New generation, timeless tragedy

EgoPo Classic Theater presents John Guare's 'Lydie Breeze Part 3: Madaket Road'

In
3 minute read
Kylie Westerbeck's Young Lydie listens to Kristie Ecke's Gussie tell tales of power and intrigue. (Photo by Dave Sarrafian)
Kylie Westerbeck's Young Lydie listens to Kristie Ecke's Gussie tell tales of power and intrigue. (Photo by Dave Sarrafian)

John Guare’s groundbreaking Lydie Breeze trilogy concludes with the powerful Madaket Road (first announced as Home). EgoPo Classic Theatre’s huge project, which started with Cold Harbor and Aipotu, will crescendo with several marathon performances of the entire trilogy.

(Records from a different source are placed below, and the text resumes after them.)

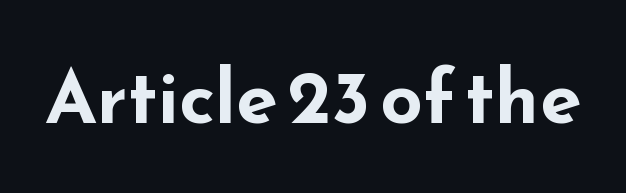
{"serif": "no", "italic": "no", "bold": "yes", "weight": "bold", "width": "wide", "stroke_contrast": "low", "x_height": "small", "monospaced": "no", "underline": "no", "letter_spacing": "normal", "letter_spacing_em": 0.0, "glyph_px": 75}
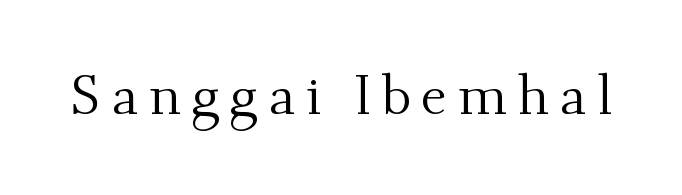
Notice how the stems are strictly vertical — no italics here. This sample has the flowing, uneven cadence of proportional lettering. Bold? No — there's no thickening of the strokes. Are there feet on the stems? There are — it's a serif. Underline: absent.
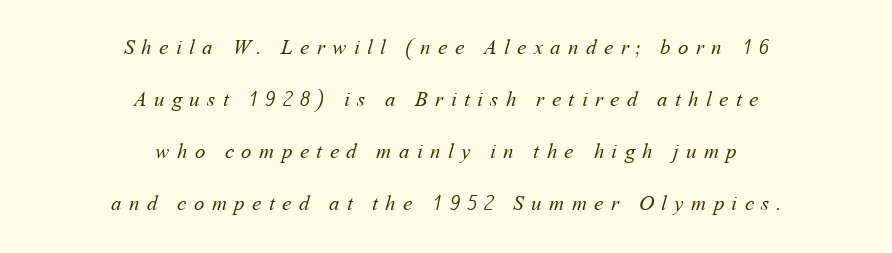
{"bold": "no", "underline": "no", "align": "center", "line_spacing": "loose", "line_spacing_ratio": 2.47, "letter_spacing": "wide", "letter_spacing_em": 0.35, "glyph_px": 21}
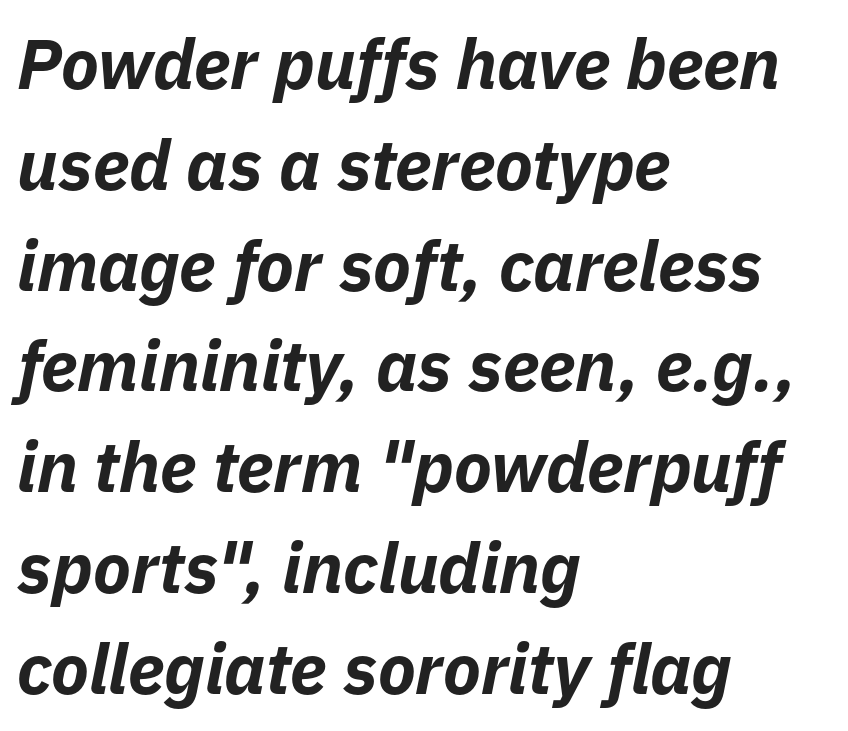
The passage shown is typed in a proportional face where columns would drift. The glyphs look as if they've been sheared to an angle. In terms of leading, this rendering sits right in the middle. The baseline area is clear. Bold? Absolutely — the strokes are thick and heavy. You could call the tracking neutral — neither tight nor loose.

Separately, they’re fascinating plays about America during and after the Civil War. Together, they’re ambitious works — and moving triumphs for the celebrated playwright of The House of Blue Leaves and Six Degrees of Separation. They’re also successes for EgoPo, now finishing its 25th season (the past 14 in Philadelphia, after being stranded here by Hurricane Katrina).

Madaket Road picks up 20 years after Aipotu (Utopia spelled backward). That Nantucket commune, formed by Lydie Breeze (Melanie Julian) and her friends, has collapsed. Lydie appears primarily as a ghost; husband Joshua (Charlie DelMarcelle) hangs on, drinking away his remorse. Daughter Lydie (Kylie Westerbeck) and servant Beatty (Hannah Gold) imbue the mother’s suicide with supernatural powers.

Sinking sands

No one is on firm ground, as Markéta Fantová’s scenic design suggests. The stage, with audience on three sides, is all sand, though much action occurs indoors. Mike Inwood’s lighting skillfully suggests twilight and isolation.

Characters we followed in the first two parts are ghosts (like David Girard’s Dan) or offstage (Ed Swidey’s Amos). Gussie (Kristie Ecke), Lydie Breeze’s older daughter, comes ashore from John Randolph Hearst’s yacht, where she is secretary and mistress to Amos, now a senator and potential presidential candidate.

Gussie tells of super-rich Hearst plotting with ambitious Amos to start a convenient war. When she explains that “the only power is the power that comes from being around power,” we see how Madaket Road echoes present-day concerns. Ultimately, the play looks back more intimately at the incident that led Joshua to kill Dan and at the horrific legacy passed on from Dan to Lydie, and later, to several innocents.

One of their victims is Dan’s son Jeremiah (Grant Struble), a London actor famous for playing Frankenstein’s monster, who returns to Nantucket seeking revenge, or perhaps closure. Characters connect and the past rears up to punish them in ways that recall Henrik Ibsen’s dramas. “We all casually ruined each other’s lives,” Joshua realizes.

Love hurts

Madaket Road is often eerily spiritual and dreamlike — aided by Jay Ansill and Cynthia Hopkins’s music and performed from a balcony by Victoria Goins, Jahzeer Terrell, Hannah Van Sciver, and Philip Wilson. However, its events are staggeringly grim and real. Love, particularly the physical act, destroys nearly everyone. Yet some hope remains.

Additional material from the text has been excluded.